Le journaliste d’investigation Mamoudou Babila Keïta a été le premier à subir cette épreuve. En septembre 2025, son père est kidnappé à Babila, sous-préfecture de la région de Kankan. Trois mois plus tard, un nouvel enlèvement bouleverse l’opinion. Cette fois, ce sont les enfants, le neveu et le frère du chanteur Elie Kamano, opposant au président de la transition, qui sont entassés de force à l’arrière d’un pick-up. Le plus jeune, à peine âgé de 7 ans, est relâché. Les quatre autres, dont trois mineurs, restent introuvables. Leur père, lui-même victime d’une tentative d’enlèvement à Dakar, s’apprêtait à les exfiltrer du pays.

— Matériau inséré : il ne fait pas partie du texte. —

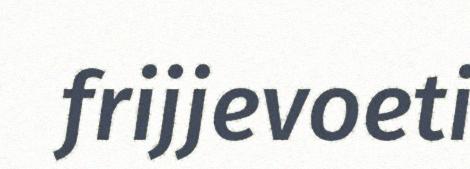
frijjevoeti

« Je recevais des menaces, mais je pensais qu’ils allaient s’en prendre à moi, pas à mes enfants », lâche Elie Kamano. Un mois plus tard, en plein ramadan, la mère et la sœur de l’ancien ministre Tibou Kamara, opposant et proche de l’ex-président Alpha Condé, sont enlevées à leur tour à Dinguiraye, dans la région de Faranah. Même scénario. Des hommes « en tenue militaire, armés et encagoulés », débarquent au domicile familial à bord de trois pick-up. Ils se font passer pour des amis de l’ancien ministre avant d’enlever les deux femmes, âgées de 84 ans et de 58 ans. Elles seront relâchées dix jours plus tard. À la fin d’avril 2026, c’est au tour du fils de l’activiste Damaro Camara d’être enlevé, en pleine nuit, dans un quartier de Conakry. Il n’est pas réapparu.



Qui prend la décision et coordonne ces opérations ? Dans quelles conditions les personnes ciblées en raison des opinions de leurs proches sont-elles détenues ? Il est d’autant plus difficile d’obtenir des détails sur ces enlèvements que les rares victimes libérées expliquent avoir eu les yeux bandés la plupart du temps et avoir reçu l’ordre de ne pas parler. Mais, là encore, des témoignages permettent de déterminer un mode opératoire.  

Balla Samoura, un gendarme aux commandes ?

Deux noms sont revenus au cours de cette enquête. Celui de Balla Samoura, haut commandant de la Gendarmerie nationale et rouage essentiel des Forces de défense et de sécurité. Et celui du commandant Dantili Moriba Keïta (alias Kilo), chef de la compagnie Cobra du Groupement des forces spéciales (GFS), l’unité d’élite de Mamadi Doumbouya, et aide de camp du chef de l’État. De nombreux témoignages ou faits rapportés par des proches des disparus convergent vers ces responsables du système sécuritaire, qui passent pour des intimes du président. 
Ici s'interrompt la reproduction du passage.